Remember that the results of the ML model can only be as good as the information contained in the development set. As a corollary, the ML models should not be able to outperform an expert clinician or a panel of expert clinicians, given ample time to make a decision or diagnosis. ML models have recently revealed hitherto unseen new associations often suggesting causality between a risk factor and disease. These reports should be interpreted with caution if not borne out of RCTs. When a model predicts unexpected outputs in test datasets, the same should be confirmed in different patient cohorts to mitigate the effects of confounding factors, artifacts or flaws in study designs.
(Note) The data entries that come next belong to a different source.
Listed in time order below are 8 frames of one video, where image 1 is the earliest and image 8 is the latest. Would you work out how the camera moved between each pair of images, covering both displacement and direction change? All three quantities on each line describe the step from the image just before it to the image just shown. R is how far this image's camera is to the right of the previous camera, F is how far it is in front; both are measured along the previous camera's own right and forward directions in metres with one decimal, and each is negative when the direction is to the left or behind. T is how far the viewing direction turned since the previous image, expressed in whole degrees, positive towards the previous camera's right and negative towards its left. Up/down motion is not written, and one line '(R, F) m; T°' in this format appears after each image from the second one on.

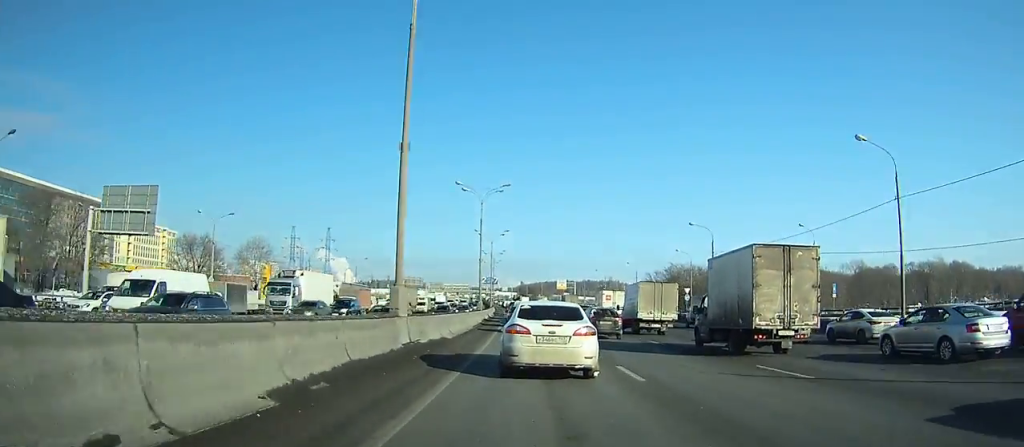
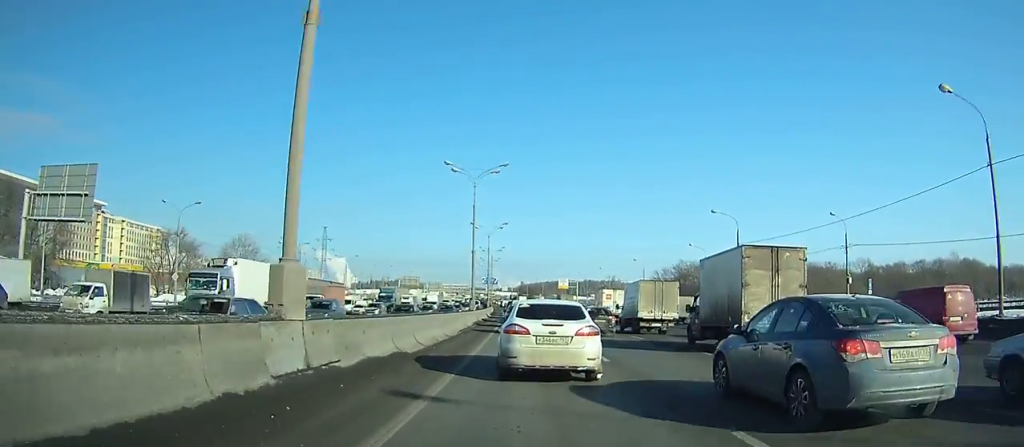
(+0.1, +7.8) m; 0°
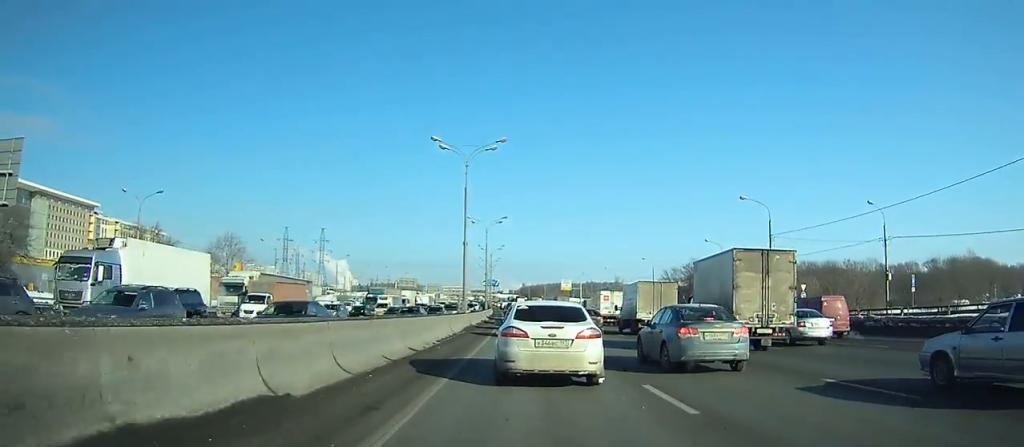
(0.0, +7.9) m; -1°
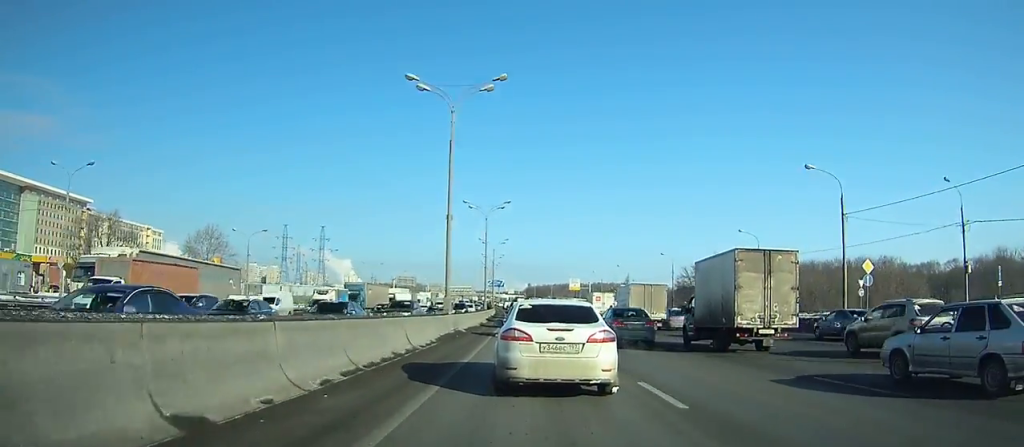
(-0.1, +11.9) m; -1°
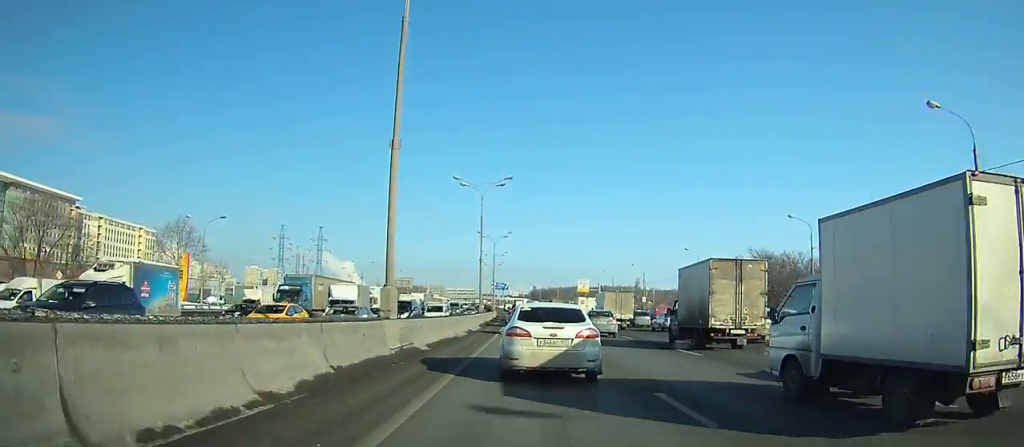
(-0.1, +14.2) m; 0°
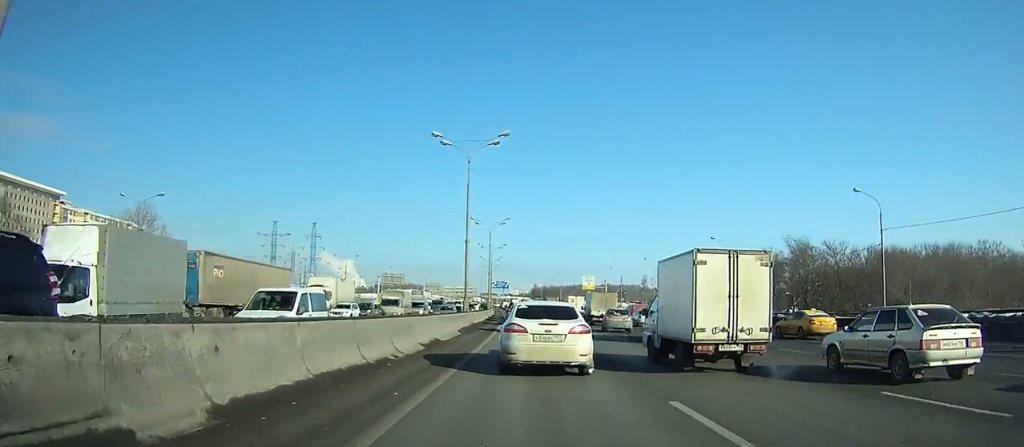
(0.0, +10.7) m; 0°
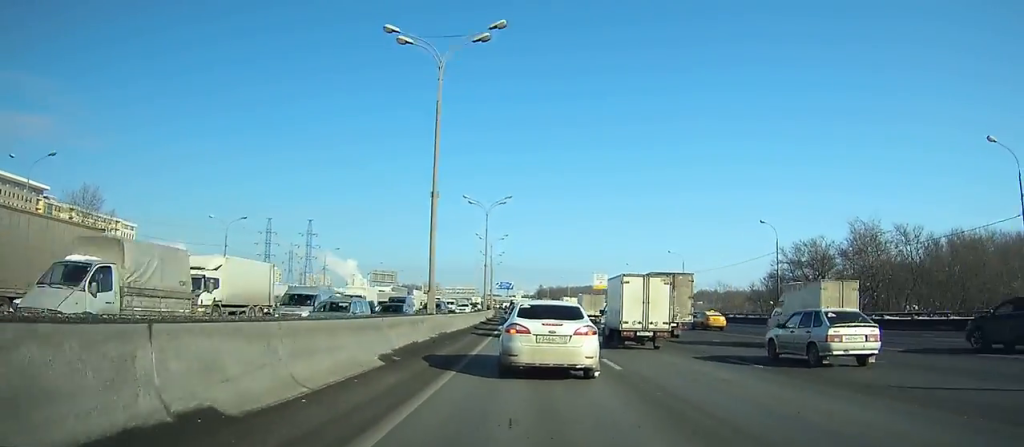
(-0.1, +11.7) m; -1°
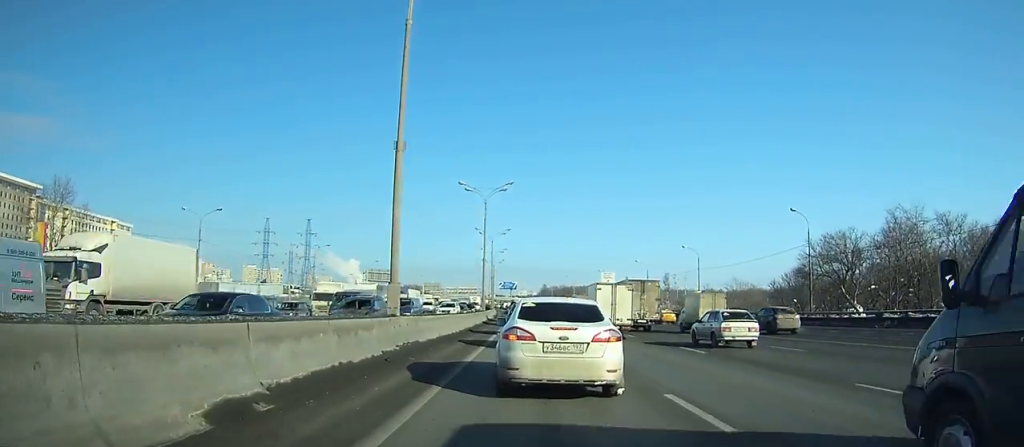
(-0.1, +6.6) m; -1°

A model can learn to overfit to development dataset by learning patterns that are too specific to the dataset. For example, a model learnt to classify a skin lesion as malignant if the image had a ruler in it. The model had learnt to recognize the spurious signal of the presence of a ruler in the images of development dataset with increased chances of a cancerous lesion.[27] Similarly, another model learnt to diagnose pneumonia from chest X-rays based on the increased association between a portable X-ray machine used for recording X rays and pneumonia.[40] These are examples of the model adjusting its parameters to spurious signals within the development dataset. The reader must suspect overfitting when there are vast differences in performance metrics of the model between validation and external testing.

Is the study repeatable and reproducible? Are source code and datasets available for scrutiny?

Identical images shown to the model at separate times should yield identical predictions. A repeat imaging may contain the minor difference of pixels but should give similar predictions from the model (repeatability). When similar images are taken with different hardware at different institutions employing different operators and protocols, the differences in predictions should be quantified (reproducibility).

Reproducibility in ML has been a critical challenge that has become even more important in the context of medical applications.[41],[42] The reproducibility may be formalized at the following three levels[43]:

  1. Model reproducibility — whether the description of the model is detailed enough such that another researcher can independently write the code for the model and reproduce the claimed results.
  2. Model+code reproducibility — The source code that led to the claimed performance along with the model descriptions may be shared with researches who can independently run the code on their data without having to worry about the grueling details of the model.
  3. Model+code+data reproducibility — Many ML labs also release the data along with the model and code for others researches to replicate, explore, and experiment.

In practice, the “Model reproducibility” is almost impossible to achieve especially for the latest high-performing ML models because of the many little details usually left unspecified in the model descriptions which may significantly impact the performance of the models. Reporting of all the three aspects of the tool namely model, code, and development data generally leads to reproducible results when applied to other datasets. Sharing of raw clinical data is often not a pragmatic solution due to institutional patient-privacy policies. Even when the raw clinical development data are available, reproducibility is not guaranteed as the models may be non-deterministic due to parallel processing (different runs may give different results) or use specific random numbers seeds.

Does the AI intervention affect patient outcomes?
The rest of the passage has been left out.